Dokter Lois Owien ditangkap kepolisian atas dugaan penyebaran berita bohong atau hoaks tentang Covid-19. Selain lewat akun twitternya @LsOwien, ada dua platform sosial media lain yang digunakan untuk menyampaikan pendapatnya terkait pandemi virus Corona.
"Jadi bukan hanya satu platform media sosial tapi ada tiga platform media sosial," tutur Kabag Penum Divisi Humas Polri, Kombes Ahmad Ramadhan, di Mabes Polri, Jakarta Selatan, Senin (12/7).
Menurut Ahmad, pendapat Lois di media sosial berpotensi membuat gaduh masyarakat.
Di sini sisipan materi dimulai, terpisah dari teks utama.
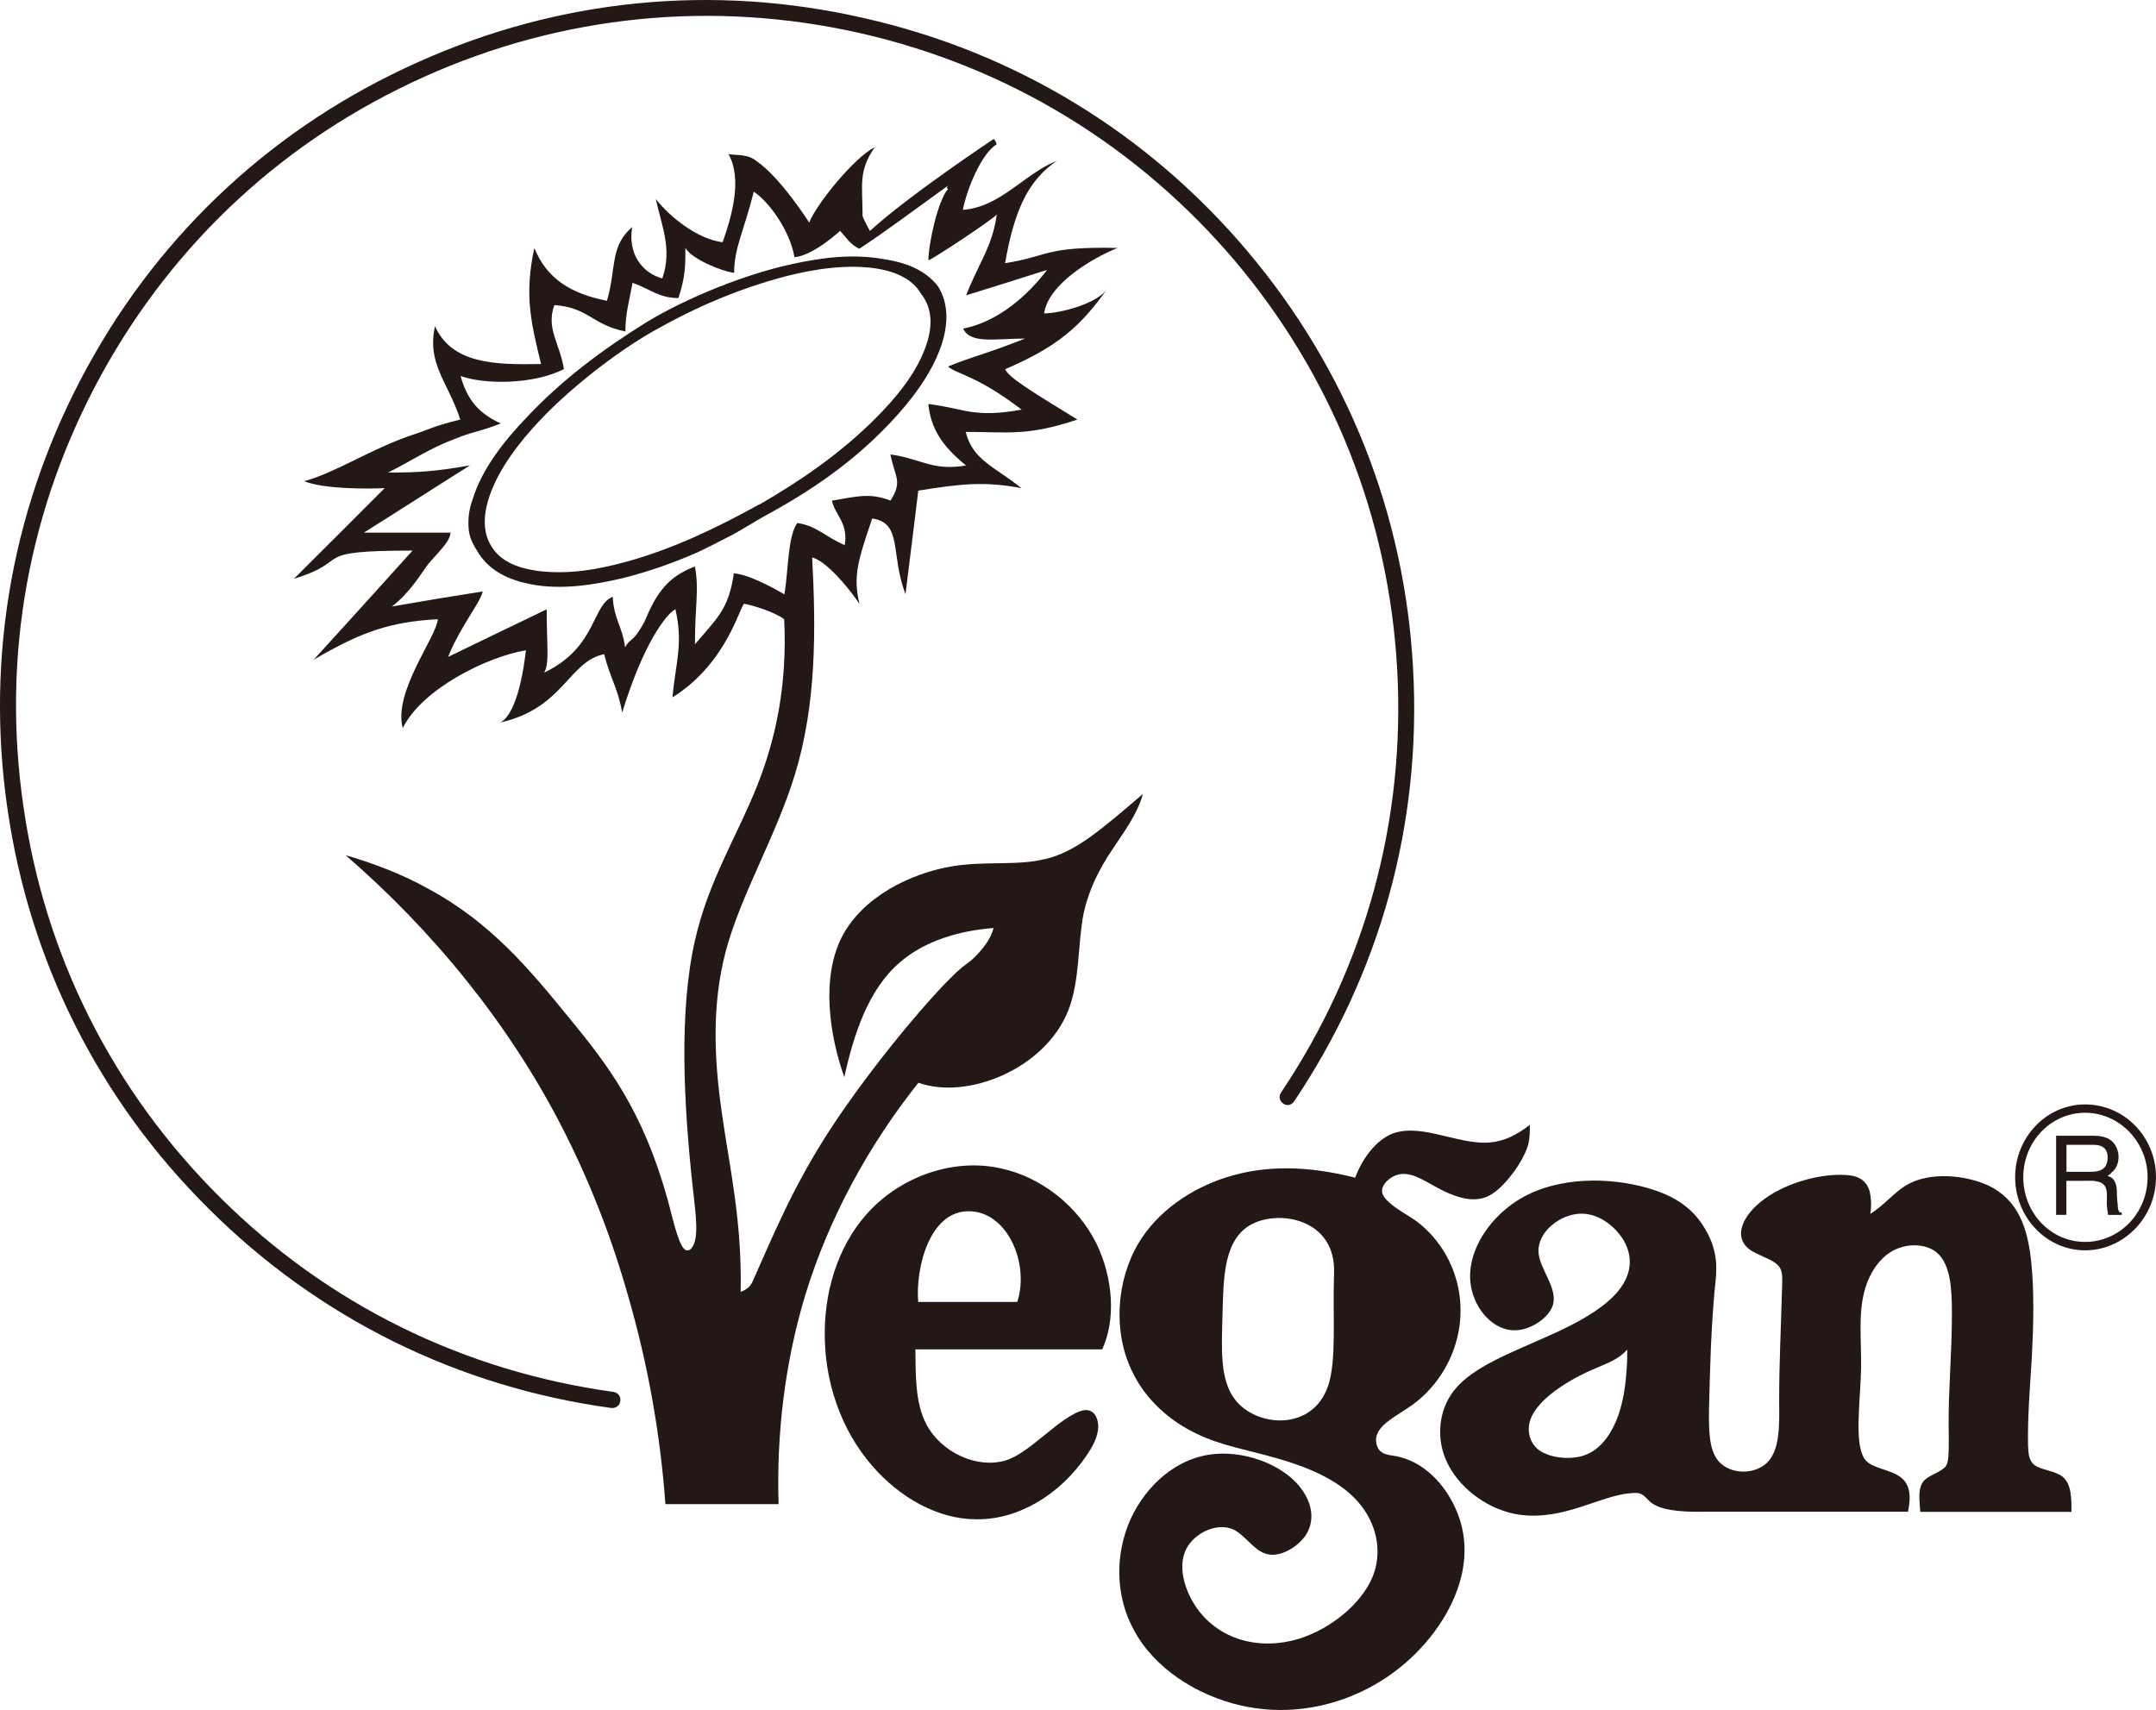 <?xml version="1.0" encoding="UTF-8"?><svg id="_イヤー_2" xmlns="http://www.w3.org/2000/svg" viewBox="0 0 230.51 182.83"><g id="_イヤー_1-2"><g><path d="M222.93,118.09c-4.12,0-7.48,3.49-7.48,7.78s3.35,7.82,7.48,7.82,7.58-3.51,7.58-7.82-3.4-7.78-7.58-7.78m6.68,7.78c0,3.82-2.99,6.92-6.68,6.92s-6.61-3.1-6.61-6.92,2.97-6.89,6.61-6.89,6.68,3.09,6.68,6.89Z" style="fill:#231815;"/><path d="M226.42,128.84c-.05-.41-.08-.7-.09-1.09,0-.46,0-.99-.23-1.41-.12-.28-.36-.49-.77-.6,.12-.12,.32-.18,.41-.35,.54-.41,.77-1.07,.77-1.71-.02-.64-.26-1.29-.79-1.73-.49-.38-1.21-.51-1.8-.51h-4.09v8.46h1.1v-3.64h2.17c.39,0,.73-.05,1.04,.06,.35,.02,.66,.18,.87,.44,.35,.46,.24,1.26,.24,1.85,0,.45,.08,.9,.14,1.29h1.46v-.24c-.11-.01-.16-.01-.26-.06-.15-.24-.17-.5-.17-.76m-2.82-3.55h-2.66v-2.88h2.84c.62,0,1.56,.11,1.56,1.35,0,1.3-.89,1.53-1.73,1.53Z" style="fill:#231815;"/><path d="M111.68,91.86c-2.89,.72-6.2,.2-9.72,.74-4.69,.75-9.79,3.37-11.95,7.58-2.24,4.38-1.33,10.52,.26,14.99,.98-4.47,2.54-9.37,5.93-12.26,2.66-2.33,6.46-3.42,10.03-3.68-.29,1.1-.98,1.96-1.49,2.55-.81,.91-1.21,1.14-1.88,1.65-2.74,2.3-9.64,10.48-14.15,17.41-3.91,6.03-5.99,11.12-8.19,16.06-.12,.26-.21,.46-.5,.75-.23,.2-.58,.41-.83,.48,.15-7.71-1.21-13.35-2.02-19.19-.8-5.58-1.1-11.36,.4-17.14,1.63-6.16,5.4-12.37,7.41-18.96,2.3-7.51,2.27-15.43,1.85-23.23,1.46,.33,3.87,3.17,5.06,4.96-.71-2.98-.16-4.63,1.36-9.13,3.27,.47,1.92,3.75,3.56,8.1,.47-3.69,.91-7.4,1.37-11.08,4.49-.72,7.02-1.02,11.02-.27-2.79-2.25-5.22-2.99-5.95-6.01,4.5,0,6.59,.48,11.94-1.32-5.35-3.28-7.29-4.49-7.73-5.38,5.53-2.38,8.03-4.49,10.98-8.68-1.04,1.68-5.17,2.71-6.81,2.71,.46-3.12,5.04-5.85,7.85-7-7.85-.17-7.29,.89-12.02,1.63,1.03-5.99,2.64-8.97,5.53-10.94-3.44,1.35-6.02,4.95-10.05,5.24,.44-2.21,1.94-5.95,3.6-7,0-.16-.13-.45-.3-.58,0,0-9,5.97-13.23,9.83-.33-.59-.92-1.69-.79-1.75,0-3.01-.48-4.67,1.3-7.19-2.2,1.05-6.37,6.28-7,8.05,0,0-3.12-4.9-5.66-6.59-.88-.72-1.83-.59-2.97-.72,1.46,2.56,.42,6.45-.63,9.41-2.68-.33-5.65-2.7-7.14-4.62,.59,2.82,1.79,5.33,.69,8.49-2.19-.59-3.7-2.68-3.22-5.49-2.42,2.07-1.67,4.43-2.7,7.88-3.89-.76-6.45-2.39-7.76-5.64-1.03,4.77-.48,7.6,.72,12.4-4.9,.1-9.54,0-11.34-4.04-.9,4.04,1.39,5.94,2.7,9.98-3,.74-3.29,1.05-5.09,1.63-4.46,1.5-8.2,4.04-11.6,4.96,2.06,.84,6.67,.84,8.61,.74-3.23,3.24-6.45,6.45-9.7,9.69,6.41-1.94,1.33-3.01,12.68-3.01-3.51,3.91-7.07,7.81-10.57,11.67,5.07-2.98,8.2-4.06,13.27-4.33-.14,1.91-4.79,7.75-3.75,11.64,2.07-4.19,8.98-7.62,13.17-8.32-.62,5.34-1.84,7.29-2.74,7.72,6.76-1.5,7.35-6.59,11.11-7.3,.56,2.37,1.46,3.59,1.92,6.24,2.19-7.16,4.61-10.46,5.69-11.05,.87,3.73,0,5.8-.31,9.42,5.93-3.68,7.28-10.07,7.69-10,.8,.14,3.18,.84,4.25,1.65,.34,6.98-.87,12.72-2.89,17.81-2.15,5.41-5.19,10.11-6.64,16.5-1.73,7.56-1.24,17.49-.2,26.84,.29,2.54,.62,5.01-.11,6.01-.14,.22-.34,.35-.56,.33-.77-.07-1.37-2.84-2.03-5.33-2.68-9.71-6.48-14.57-10.71-19.72-3.96-4.84-8.21-10.04-14.97-13.65-2.77-1.56-6.01-2.76-8.78-3.56,9.39,8.13,17.48,18.05,23.16,29.13,2.95,5.76,5.28,11.76,7.04,17.98,2.11,7.27,3.45,14.76,3.99,22.28h12.1c-.23-7.52,.67-15.14,2.87-22.41,2.53-8.23,6.76-15.96,12.08-22.65,5.2,1.87,13.54-1.45,16.02-7.72,1.26-3.18,1-7.12,1.65-10.42,.56-2.5,1.62-4.67,3.14-6.91,1.15-1.75,2.56-3.58,3.2-5.83-4.35,3.7-7.13,6.2-10.5,6.98m-29.93-29.44c-1.18-.57-2.28-1.02-3.31-1.13-.56,3.86-1.76,4.75-4.16,7.59,0-4.18,.46-5.79,0-8.32-2.99,1.12-4.18,2.97-5.4,5.92-1.31,2.4-1.49,1.64-2.07,2.72-.29-2.25-1.2-2.99-1.32-5.4-2.26,.9-1.68,5.4-7.33,8.11,.58-1.06,.27-2.72,.27-6.77-3.54,1.69-7.05,3.41-10.54,5.09,1.31-3.28,3.38-5.67,3.7-7-3.24,.51-6.47,1.04-9.71,1.61,1.96-1.5,3.14-3.56,3.91-4.58,1.77-1.98,2.23-2.43,2.37-3.32h-9.27c3.79-2.38,7.55-4.81,11.34-7.19-3.55,.62-5.34,.77-8.78,.77,2.51-1.22,4.34-2.55,7.16-3.6,1.81-.76,2.67-.76,4.9-1.65-2.23-1.04-3.54-2.39-4.29-5.08,2.55,.93,7.77,.93,11.05-.73-.44-2.8-1.94-4.33-1.02-6.85,3.69,.27,4,2.1,7.59,2.82,0-1.94,.45-3.41,.77-5.2,1.93,.68,2.82,1.63,4.9,1.63,.75-2.26,.75-3.47,.75-5.36,.61,1.14,3.86,2.51,5.21,2.66,0-2.66,1.05-4.49,2.1-8.67,1.63,1.06,3.87,4.18,4.35,7,2.03-.16,4.88-2.82,4.88-2.82,.66,.74,1.12,1.48,2.05,1.92,2.7-1.77,6.04-4.26,9.43-6.71,.26,0-.29,.03,.05,.33-1.06,1.18-2.09,5.83-2.09,7.61,.29,0,7.02-4.45,7.31-4.9-.45,3.41-1.94,5.21-3.28,8.65,2.91-.89,5.78-1.82,8.66-2.72-2.07,2.72-5.21,5.53-8.97,6.28,.77,1.67,3.47,1.06,6.61,1.06-4.23,1.68-5.26,1.79-8.24,2.99,1.05,.88,2.98,.88,7.88,4.61-5.22,.94-6.09-.14-9.98-.6,.29,2.72,1.52,4.51,4.03,6.57-3.57,.62-4.76-.71-8.08-1.18,.46,2.4,1.35,2.86,0,4.94-2.23-.89-3.71-.41-6.25,0,.29,1.5,1.78,2.39,1.36,4.76-2.09-.9-2.99-2.07-5.07-2.37-1.04,1.47-.93,5.04-1.38,7.63-.64-.38-1.34-.76-2.07-1.12Z" style="fill:#231815;"/><path d="M100.66,36.89c.66-2.02,.85-4.28-.35-6.24-1.36-1.81-3.56-2.59-5.64-2.91-3.47-.64-6.7-.22-10.04,.51-4.94,1.07-11.04,3.52-15.38,6.12-4.77,2.96-9.13,6.19-13,10.32-2.26,2.36-4.69,5.37-5.71,8.68-.39,1.07-.55,2.15-.41,3.38,.12,.93,.56,1.65,1.05,2.42,1.25,1.96,3.35,2.86,5.47,3.28,3.27,.67,6.86,.1,9.99-.65,2.7-.67,5.28-1.59,7.84-2.7,1.27-.6,2.55-1.25,3.79-1.9,1.2-.64,2.3-1.37,3.51-2.04,4.96-2.68,9.39-5.74,13.31-9.86,2.24-2.36,4.5-5.24,5.57-8.42m-19.48,17.05c-4.54,2.51-9.07,4.69-14.09,6.1-3.18,.87-6.22,1.42-9.56,1.02-1.84-.26-3.89-.85-4.96-2.59-1.12-1.71-.79-3.83-.19-5.55,1.07-2.99,3.27-5.77,5.35-7.97,3.18-3.38,8.08-7.23,12.08-9.51,4.53-2.57,9.14-4.56,14.21-5.89,2.99-.77,6.44-1.3,9.56-.85,1.83,.28,3.85,.95,4.88,2.7,1.33,1.67,1.19,3.7,.57,5.51-1.02,3.03-3.33,5.74-5.47,7.88-3.72,3.7-7.88,6.58-12.37,9.17Z" style="fill:#231815;"/><path d="M65.61,148.83c-16.02-2.2-30.57-9.35-42.03-20.75-11.51-11.41-18.8-25.9-21.08-41.89-2.34-16.06,.56-31.97,8.37-46.19,7.82-14.2,19.71-25.15,34.49-31.79C60.09,1.59,76.26-.03,92.04,3.56c15.76,3.6,29.6,12.06,40.06,24.41,10.4,12.36,16.39,27.46,17.28,43.6,.9,16.14-3.41,31.82-12.41,45.24-.28,.41-.18,.92,.23,1.19,.39,.3,.91,.15,1.17-.25,9.22-13.74,13.63-29.7,12.71-46.26-.89-16.5-7-31.94-17.7-44.62C122.71,14.24,108.55,5.59,92.39,1.94,76.26-1.77,59.74-.14,44.64,6.67,29.55,13.41,17.32,24.67,9.37,39.19,1.4,53.7-1.58,70.03,.79,86.42c2.34,16.39,9.82,31.22,21.54,42.84,11.74,11.7,26.64,19.05,43.04,21.29h.11c.42,0,.81-.31,.84-.77,.07-.47-.24-.86-.72-.95" style="fill:#231815;"/><path d="M217.55,156.67c-.66-.48-.68-1.29-.72-2.12-.06-2.9,.19-6,.41-9.52,.17-3.22,.25-6.81-.04-9.79-.37-4.02-1.45-6.96-4.63-8.49-2.47-1.12-6.16-1.46-8.59-.12-1.47,.83-2.51,2.24-4.02,3.16,.14-.74,.12-1.8-.11-2.55-.43-1.27-1.52-1.62-2.93-1.62-3.07-.07-7.52,1.32-9.7,3.88-1.18,1.37-1.67,3.11,0,4.21,.79,.51,2.13,.91,2.75,1.46,.58,.47,.58,1.16,.58,1.81,0,.42-.02,.84-.04,1.25-.09,3.83-.29,7.31-.29,11.63,.03,2.48,.1,5.26-1.35,6.59-.64,.58-1.53,.9-2.47,.9-1.02,0-2.01-.38-2.65-1.1-1.07-1.23-1.05-3.47-1.03-5.56,.11-4.68,.22-8.49,.61-12.86,.13-1.02,.22-2.08,.13-3.06-.13-1.14-.47-2.15-.98-3.05-1.31-2.46-3.37-3.87-6.42-4.72-3.91-1.11-9.41-1.25-13.51,1.17-3.79,2.26-6.37,6.67-5,10.42,.77,2.21,2.89,4.19,5.37,3.52,1.35-.35,2.78-1.44,3.12-2.61,.5-1.79-1.4-3.77-1.55-5.56-.15-2.24,2.38-4.18,4.61-4.17,1.95,0,3.66,1.45,4.52,2.89,.81,1.46,.81,2.86,.16,4.2-1.17,2.42-4.52,4.38-8.67,6.18-3.5,1.58-7.56,3.08-9.56,5.52-1.55,1.9-1.9,4.42-1.29,6.6,.83,2.94,3.5,5.31,6.25,6.3,2.44,.92,5.05,.7,7.74-.1,1.82-.53,3.71-1.32,5.4-1.62,.6-.08,1.19-.16,1.59-.07,1.41,.37,.37,2.13,7.24,1.97h21.51c.56-2.59-.27-3.48-1.31-4.02-.76-.37-1.67-.58-2.29-.87-.54-.22-.89-.49-1.13-.91-1.01-1.79-.35-6.03-.28-9.59,.03-3.04-.3-5.65,.34-8.13,.56-2.19,1.96-4.25,4.1-4.8,1.23-.35,2.74-.16,3.65,.61,1.48,1.22,1.62,3.93,1.62,6.42,0,4.54-.38,8.21-.35,11.95,0,1.14,.06,2.31-.03,3.44-.03,.39-.07,.72-.26,1.01-.45,.62-1.64,.91-2.26,1.48-.87,.83-.51,2.43-.49,3.42h16.17c0-1.27,.06-3.01-1.02-3.81-.78-.57-2.21-.68-2.89-1.16m-43.66-10.1c-.13,1.86-.41,3.7-1.13,5.4-.72,1.68-1.88,3.24-3.68,3.72-1.58,.41-3.58,.13-4.68-.75-.94-.82-1.19-2.1-.75-3.26,.94-2.44,4.84-4.54,7.1-5.46,.54-.23,1-.41,1.67-.75,.47-.24,1.06-.63,1.45-1.08,.02-.02,.05-.07,.1-.07,0,.77-.02,1.52-.08,2.24Z" style="fill:#231815;"/><path d="M149.46,155.73c-.66-.11-1.37-.16-1.77-.48-.47-.34-.61-.96-.56-1.49,.21-1.51,2.31-2.4,3.98-3.62,2.79-2.08,4.44-5.14,4.9-8.15,.71-4.63-1.27-9.03-4.73-11.53-.9-.61-1.9-1.13-2.7-1.84-.44-.39-.8-.8-.82-1.26-.03-.68,.76-1.48,1.6-1.73,1.35-.43,2.74,.5,4.17,1.29,1.82,1,3.66,1.65,5.21,1.13,1.17-.41,2.18-1.52,3.06-2.68,.7-.95,1.32-2.01,1.61-3.07,.15-.68,.17-1.38,.15-2.03-.99,.79-2.2,1.5-3.45,1.76-1.9,.43-3.86-.15-5.91-.62-1.82-.45-3.69-.79-5.27-.22-1.86,.7-3.33,2.8-4.04,4.73-4.98-1.25-9.53-1.41-13.88,0-3.71,1.2-7.25,3.6-9.29,7.01-2.38,4.02-2.74,9.51-.67,13.71,1.4,2.99,4.02,5.31,6.93,6.68,2.67,1.29,5.55,1.73,8.59,2.62,3.18,.9,6.52,2.28,8.55,4.56,2,2.21,2.77,5.31,1.63,8.11-1.21,2.89-4.45,5.52-7.77,6.58-4.55,1.43-9.23,0-11.51-4.02-1.01-1.8-1.54-4.11-.5-5.8,.95-1.56,3.26-2.6,4.92-1.82,1.28,.64,2.2,2.26,3.51,2.6,1.41,.42,3.25-.68,4.14-1.91,1.02-1.47,.79-3.22-.14-4.66-1.71-2.76-5.93-4.42-9.45-4.12-4.12,.33-7.39,3.35-9.05,6.92-1.73,3.82-1.65,8.3,.32,11.89,2.17,4.1,6.74,7.01,11.42,8.08,7.48,1.72,15.33-1.23,20.13-7.12,2.95-3.6,4.79-8.32,3.26-12.89-.99-2.96-3.34-5.88-6.57-6.6m-7.47-7.54c-1.68,4.88-7.65,4.4-9.92,1.48-1.67-2.1-1.47-5.46-1.36-9.24,.1-3.73,.09-7.94,3.11-9.54,3.01-1.59,9.05-.54,8.81,5.28-.16,4.69,.29,9.24-.64,12.03Z" style="fill:#231815;"/><path d="M107.11,124.95c-4.92-1.14-10.33,.68-13.86,4.24-3.35,3.35-5.03,8.26-5.07,13.16-.07,5.26,1.68,10.48,5.07,14.38,2.91,3.37,7,5.72,11.14,5.72,4.44,.06,8.91-2.6,11.75-6.78,.69-1,1.25-2.04,1.28-3.1,0-.77-.28-1.46-.83-1.7-.88-.43-2.43,.63-3.82,1.7-1.89,1.47-3.41,2.93-5.13,3.55-3.12,1-6.97-.79-8.58-3.79-1.26-2.36-1.15-5.49-1.19-8.05h19.97c1.46-3.12,1.2-7.59-.62-11.32-2-4.04-5.91-7.08-10.11-8.01m1.66,14.26h-10.6c-.3-3.6,1.19-9.7,5.38-9.7s6.54,5.63,5.21,9.7Z" style="fill:#231815;"/></g></g></svg>

Selain itu, penanganan pandemi Covid-19 juga dapat terhambat.
"Di antaranya, postingan korban yang selama ini meninggal akibat Covid-19 adalah bukan karena Covid-19 melainkan diakibatkan interaksi antar obat dan pemberian obat dalam enam macam," jelas dia.
Unggahan-unggahan Lois di sosial media pun menjadi barang bukti penyidik dan melakukan penangkapan terhadapnya pada Minggu, 11 Juli 2021.
"Barbuk yang diamankan adalah berupa tangkapan layar atau screenshoot dari postingan media sosial," tegas Ahmad.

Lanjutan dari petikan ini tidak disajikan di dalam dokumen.